**Work required:**
Look through the material that follows and show every line with the string "version".

**Available data:**

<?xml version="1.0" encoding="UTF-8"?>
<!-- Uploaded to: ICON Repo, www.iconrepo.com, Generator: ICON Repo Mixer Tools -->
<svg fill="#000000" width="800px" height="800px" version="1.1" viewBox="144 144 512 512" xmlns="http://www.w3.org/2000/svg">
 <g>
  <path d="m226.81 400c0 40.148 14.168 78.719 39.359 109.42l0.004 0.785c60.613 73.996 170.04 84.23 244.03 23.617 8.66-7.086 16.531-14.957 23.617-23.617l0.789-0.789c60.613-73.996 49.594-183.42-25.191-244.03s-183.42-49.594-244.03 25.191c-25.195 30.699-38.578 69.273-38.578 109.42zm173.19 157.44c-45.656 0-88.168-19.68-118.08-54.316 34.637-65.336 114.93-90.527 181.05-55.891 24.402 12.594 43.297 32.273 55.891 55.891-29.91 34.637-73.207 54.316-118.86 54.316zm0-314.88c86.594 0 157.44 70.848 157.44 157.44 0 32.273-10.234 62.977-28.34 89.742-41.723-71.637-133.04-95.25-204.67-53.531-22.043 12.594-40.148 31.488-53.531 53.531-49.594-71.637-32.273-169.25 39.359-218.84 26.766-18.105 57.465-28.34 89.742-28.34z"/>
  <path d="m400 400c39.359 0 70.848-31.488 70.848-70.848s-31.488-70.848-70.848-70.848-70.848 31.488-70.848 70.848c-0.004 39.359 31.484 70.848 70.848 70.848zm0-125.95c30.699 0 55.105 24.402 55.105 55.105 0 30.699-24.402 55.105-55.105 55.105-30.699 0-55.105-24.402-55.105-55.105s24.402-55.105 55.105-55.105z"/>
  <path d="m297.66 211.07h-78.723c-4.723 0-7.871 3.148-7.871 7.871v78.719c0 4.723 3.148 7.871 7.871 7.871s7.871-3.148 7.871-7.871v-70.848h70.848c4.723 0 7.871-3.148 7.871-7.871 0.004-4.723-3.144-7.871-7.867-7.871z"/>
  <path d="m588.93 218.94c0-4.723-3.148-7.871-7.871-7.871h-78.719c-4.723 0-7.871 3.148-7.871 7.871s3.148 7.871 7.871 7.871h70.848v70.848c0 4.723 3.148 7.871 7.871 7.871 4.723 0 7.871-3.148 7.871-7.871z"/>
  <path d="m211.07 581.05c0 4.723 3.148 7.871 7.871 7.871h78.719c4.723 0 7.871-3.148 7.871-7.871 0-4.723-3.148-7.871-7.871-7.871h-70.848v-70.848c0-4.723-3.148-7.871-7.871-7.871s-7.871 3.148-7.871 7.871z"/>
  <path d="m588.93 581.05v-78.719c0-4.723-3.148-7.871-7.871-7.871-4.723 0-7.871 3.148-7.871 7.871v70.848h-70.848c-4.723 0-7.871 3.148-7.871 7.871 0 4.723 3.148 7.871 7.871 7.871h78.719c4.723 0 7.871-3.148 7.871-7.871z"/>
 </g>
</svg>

**Your response:**
<?xml version="1.0" encoding="UTF-8"?>
<svg fill="#000000" width="800px" height="800px" version="1.1" viewBox="144 144 512 512" xmlns="http://www.w3.org/2000/svg">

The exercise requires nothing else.